Stored data entries:
********************
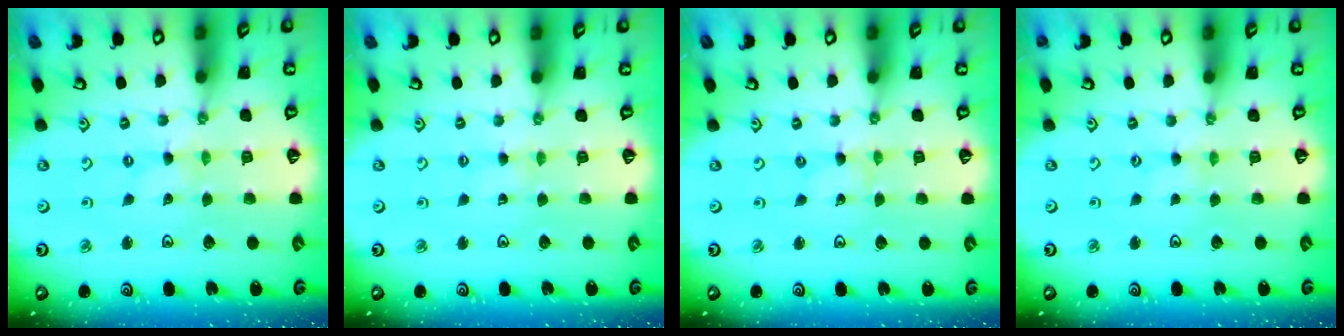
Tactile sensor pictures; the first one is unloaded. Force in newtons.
{"total": 1.5, "press": 1.5, "slide": 0.3}
{"total": 0.0}
{"total": 0.0}
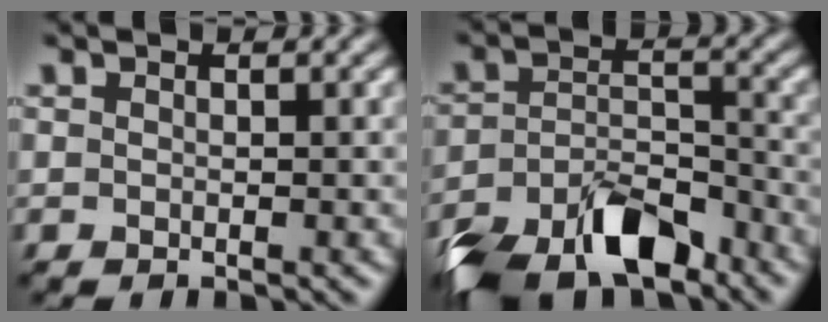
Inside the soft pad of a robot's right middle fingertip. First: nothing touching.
{"total": 8.8, "force": [-6.5, 3.6, 4.6], "torque": [-0.081, -0.009, -0.120]}
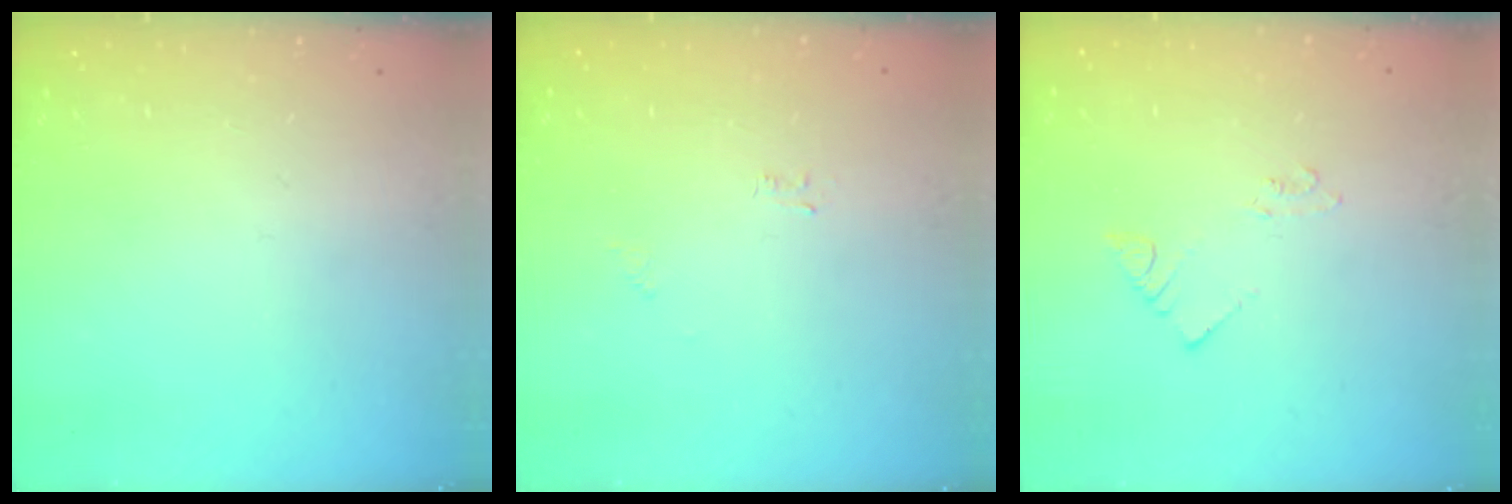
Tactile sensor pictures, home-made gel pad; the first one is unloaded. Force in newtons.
{"total": 2.5, "press": 2.5, "slide": 0.3}
{"total": 2.0, "press": 2.0, "slide": 0.3}
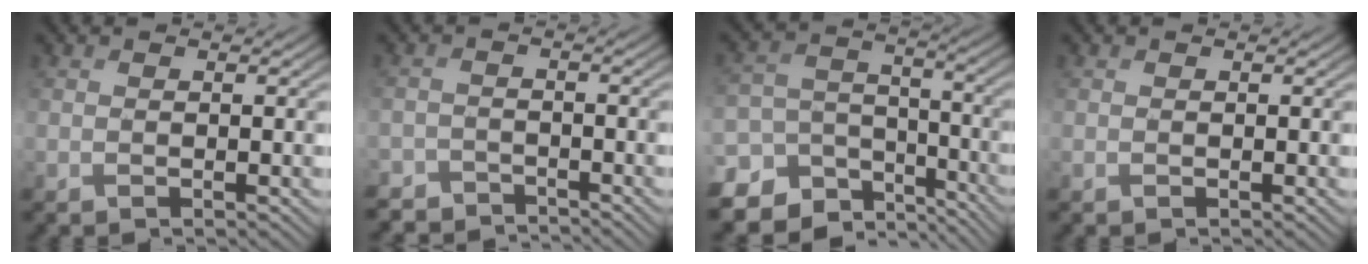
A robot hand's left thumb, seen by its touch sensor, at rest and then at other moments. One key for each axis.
{"total": 3.8, "fx": -3.6, "fy": 1.0, "fz": 0.1, "tx": -0.001, "ty": -0.003, "tz": -0.070}
{"total": 12.8, "fx": -8.3, "fy": 8.9, "fz": 3.9, "tx": -0.131, "ty": -0.033, "tz": -0.113}
{"total": 0.0}
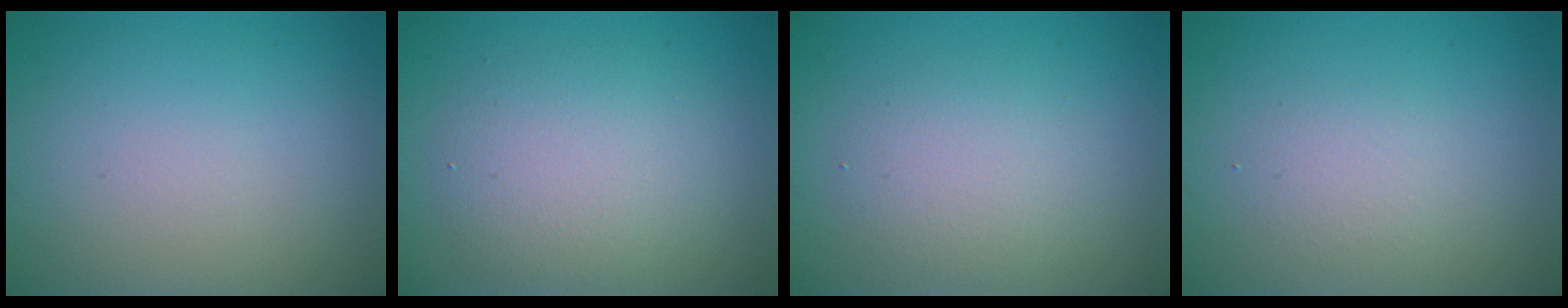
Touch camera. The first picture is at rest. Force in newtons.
{"total": 4.3, "press": 4.3, "slide": 0.2}
{"total": 2.8, "press": 2.8, "slide": 0.2}
{"total": 1.6, "press": 1.6, "slide": 0.2}
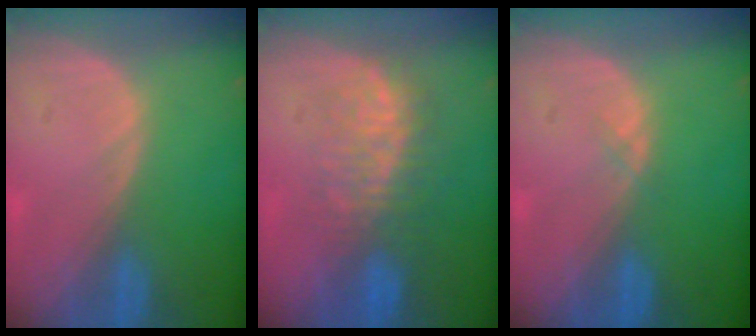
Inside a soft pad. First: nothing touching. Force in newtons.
{"total": 7.9, "press": 7.6, "slide": 2.3}
{"total": 0.6, "press": 0.5, "slide": 0.2}
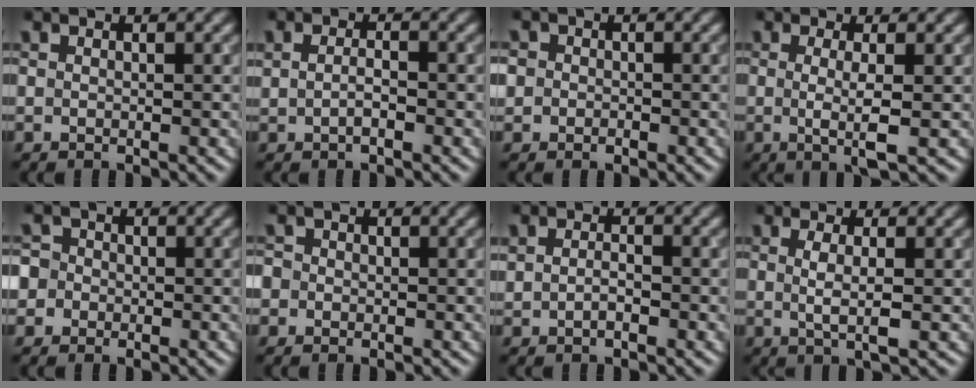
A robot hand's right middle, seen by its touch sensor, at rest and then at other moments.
{"total": 1.6, "force": [-0.4, 0.8, 1.3], "torque": [-0.031, 0.001, -0.007]}
{"total": 2.3, "force": [0.1, 2.1, 0.8], "torque": [0.007, 0.008, -0.024]}
{"total": 3.1, "force": [-0.1, 0.6, 3.1], "torque": [-0.054, -0.008, -0.003]}
{"total": 3.4, "force": [-0.9, 3.2, 0.7], "torque": [0.010, 0.017, -0.046]}
{"total": 1.7, "force": [-0.3, 1.6, 0.3], "torque": [0.008, 0.008, -0.017]}
{"total": 1.3, "force": [-0.4, 0.8, 1.0], "torque": [-0.022, 0.002, -0.010]}
{"total": 2.3, "force": [0.1, 0.5, 2.3], "torque": [-0.041, -0.002, 0.001]}
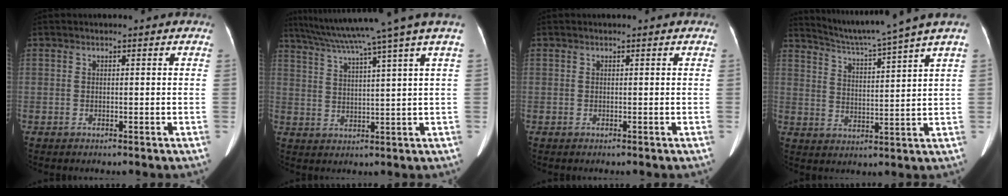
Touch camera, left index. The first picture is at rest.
{"total": 13.8, "force": [10.6, -2.9, 8.4], "torque": [-0.138, -0.003, 0.153]}
{"total": 0.0}
{"total": 10.5, "force": [9.1, -2.6, 4.4], "torque": [-0.081, -0.012, 0.148]}
********************
- **WORK REQUIRED**
Do not include pictures. Copy only the lines running from the line with "Inside a soft" through the last line of the records, exactly as they appear.

- **SOLUTION FOR THIS PROBLEM**
Inside a soft pad. First: nothing touching. Force in newtons.
{"total": 7.9, "press": 7.6, "slide": 2.3}
{"total": 0.6, "press": 0.5, "slide": 0.2}
A robot hand's right middle, seen by its touch sensor, at rest and then at other moments.
{"total": 1.6, "force": [-0.4, 0.8, 1.3], "torque": [-0.031, 0.001, -0.007]}
{"total": 2.3, "force": [0.1, 2.1, 0.8], "torque": [0.007, 0.008, -0.024]}
{"total": 3.1, "force": [-0.1, 0.6, 3.1], "torque": [-0.054, -0.008, -0.003]}
{"total": 3.4, "force": [-0.9, 3.2, 0.7], "torque": [0.010, 0.017, -0.046]}
{"total": 1.7, "force": [-0.3, 1.6, 0.3], "torque": [0.008, 0.008, -0.017]}
{"total": 1.3, "force": [-0.4, 0.8, 1.0], "torque": [-0.022, 0.002, -0.010]}
{"total": 2.3, "force": [0.1, 0.5, 2.3], "torque": [-0.041, -0.002, 0.001]}
Touch camera, left index. The first picture is at rest.
{"total": 13.8, "force": [10.6, -2.9, 8.4], "torque": [-0.138, -0.003, 0.153]}
{"total": 0.0}
{"total": 10.5, "force": [9.1, -2.6, 4.4], "torque": [-0.081, -0.012, 0.148]}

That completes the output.